[Records for processing — start]

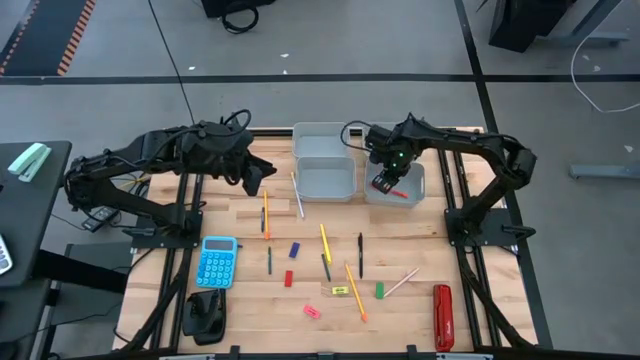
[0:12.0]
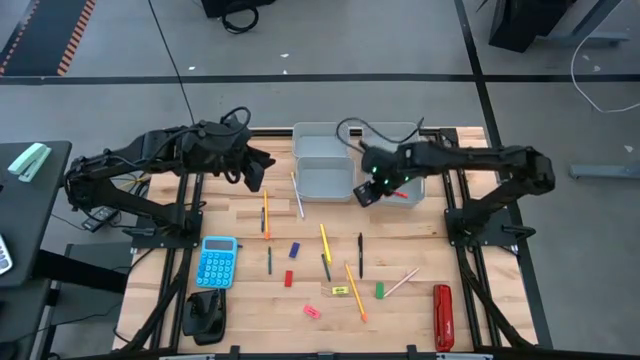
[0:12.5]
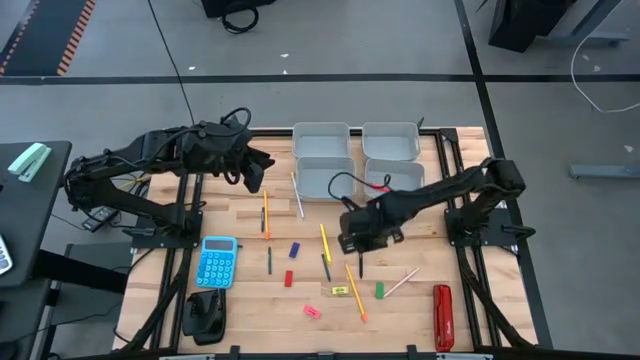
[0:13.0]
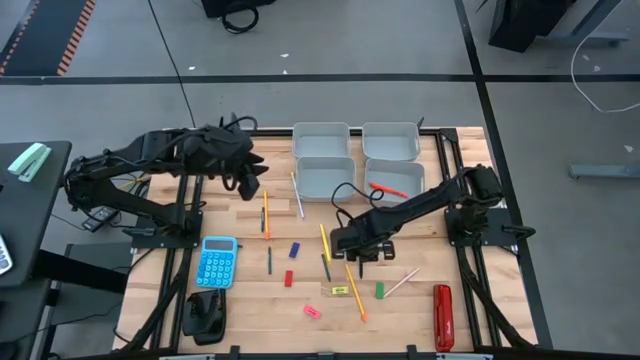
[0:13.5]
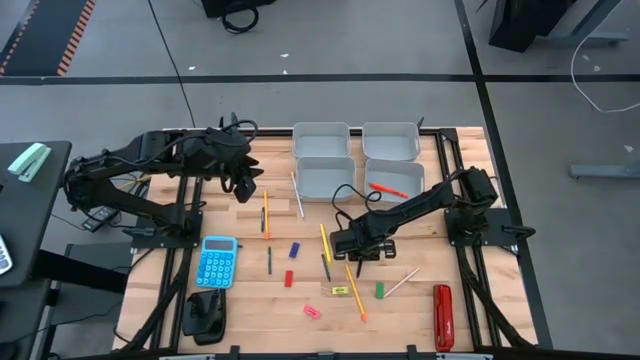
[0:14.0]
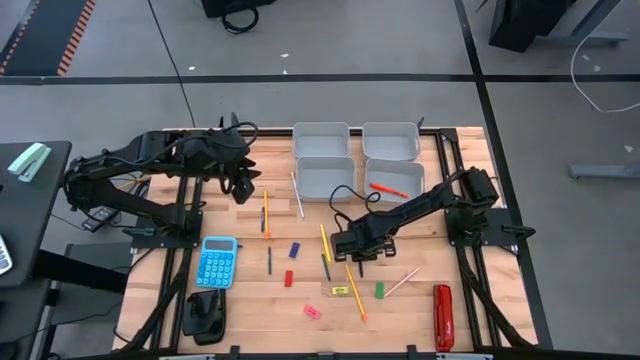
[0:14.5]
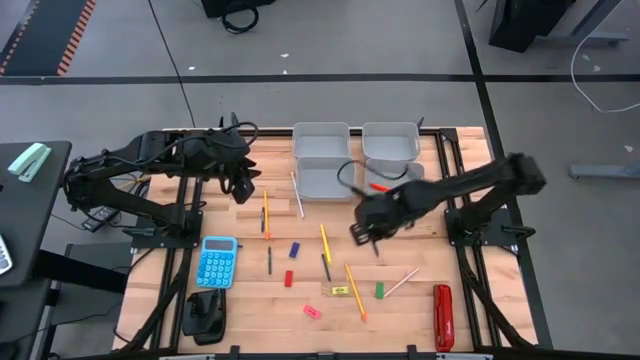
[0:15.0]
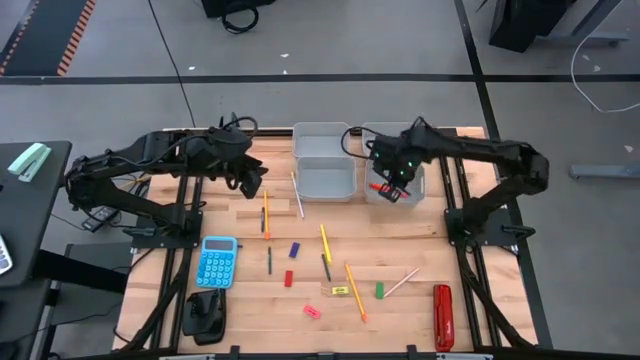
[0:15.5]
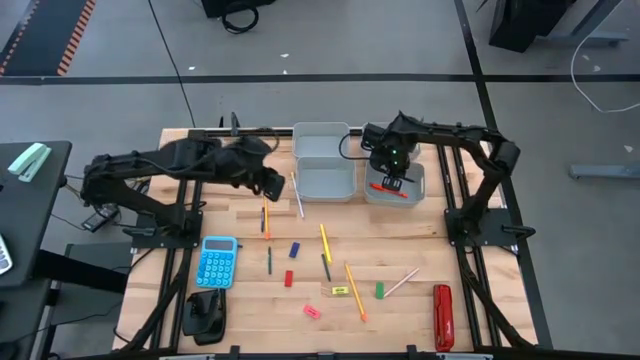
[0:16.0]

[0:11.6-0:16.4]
Put the black pen into the bottom right gray bin

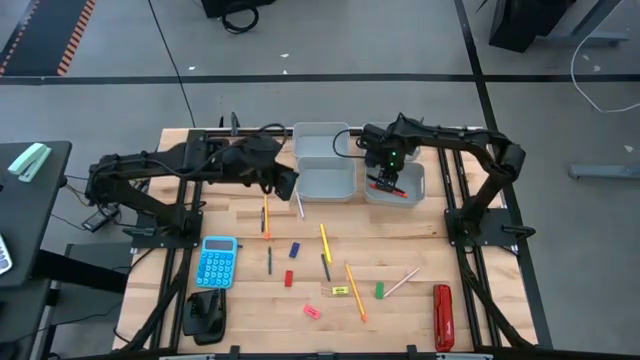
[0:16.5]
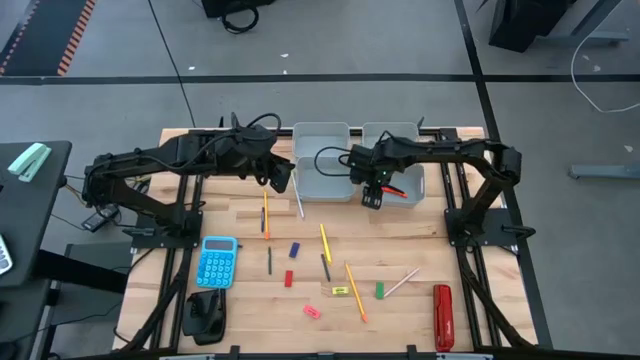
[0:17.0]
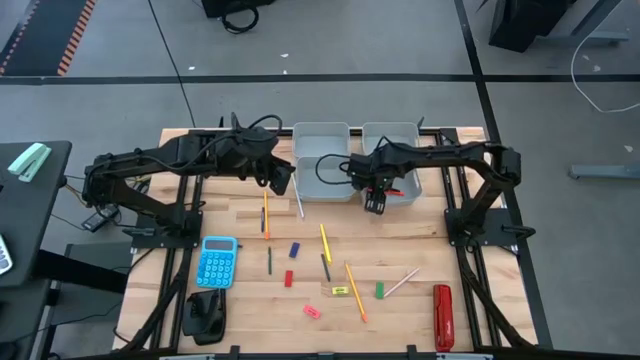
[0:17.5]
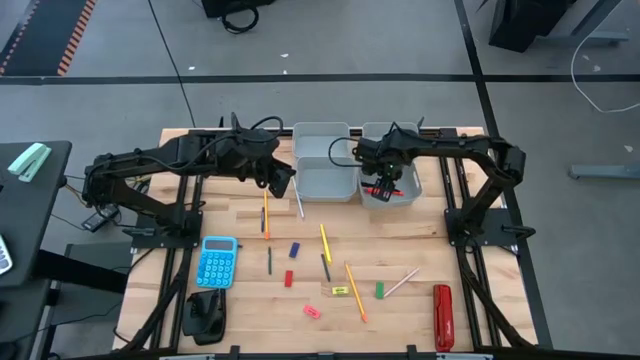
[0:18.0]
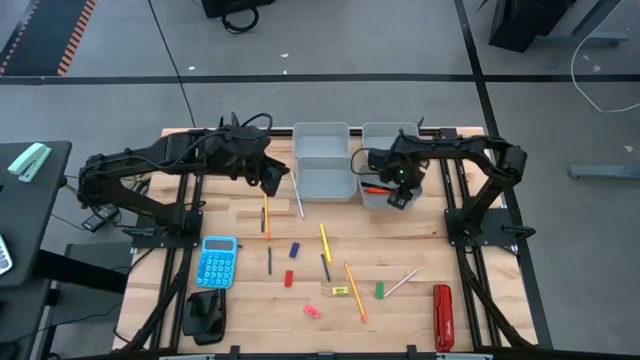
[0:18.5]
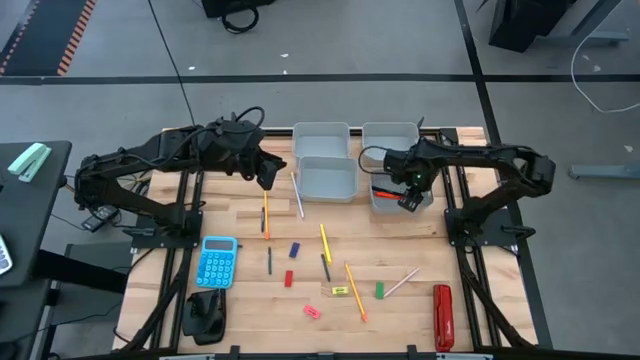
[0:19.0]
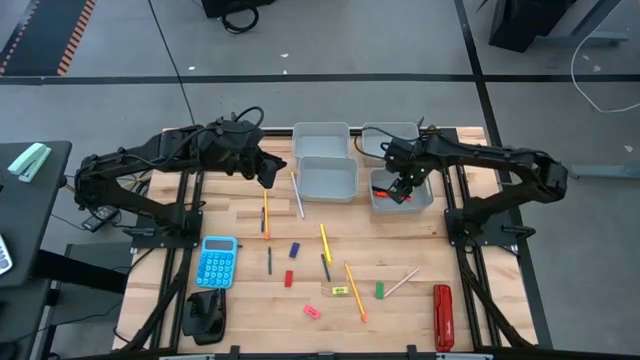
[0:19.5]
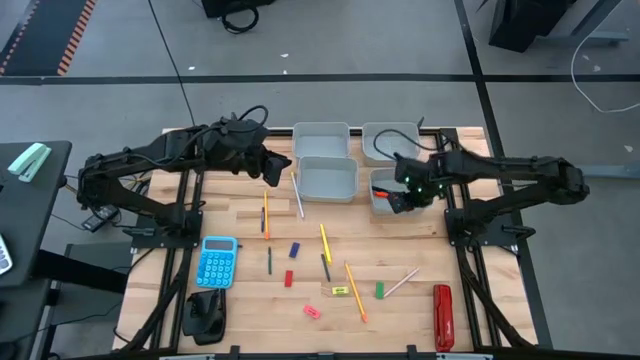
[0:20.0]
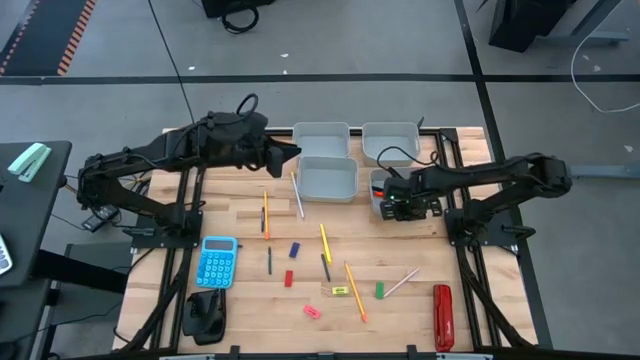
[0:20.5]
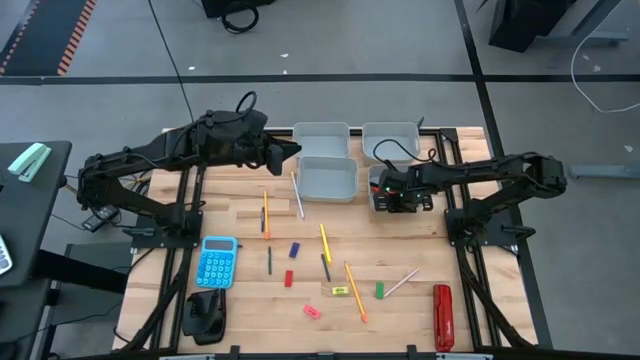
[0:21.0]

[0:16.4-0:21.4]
Adjust the gray bin

[Records for processing — finish]

What to produce
Return each entry exactly as it appears above, but exclude the pictures.

The completed task
[0:12.0]
[0:12.5]
[0:13.0]
[0:13.5]
[0:14.0]
[0:14.5]
[0:15.0]
[0:15.5]
[0:16.0]

[0:11.6-0:16.4]
Put the black pen into the bottom right gray bin

[0:16.5]
[0:17.0]
[0:17.5]
[0:18.0]
[0:18.5]
[0:19.0]
[0:19.5]
[0:20.0]
[0:20.5]
[0:21.0]

[0:16.4-0:21.4]
Adjust the gray bin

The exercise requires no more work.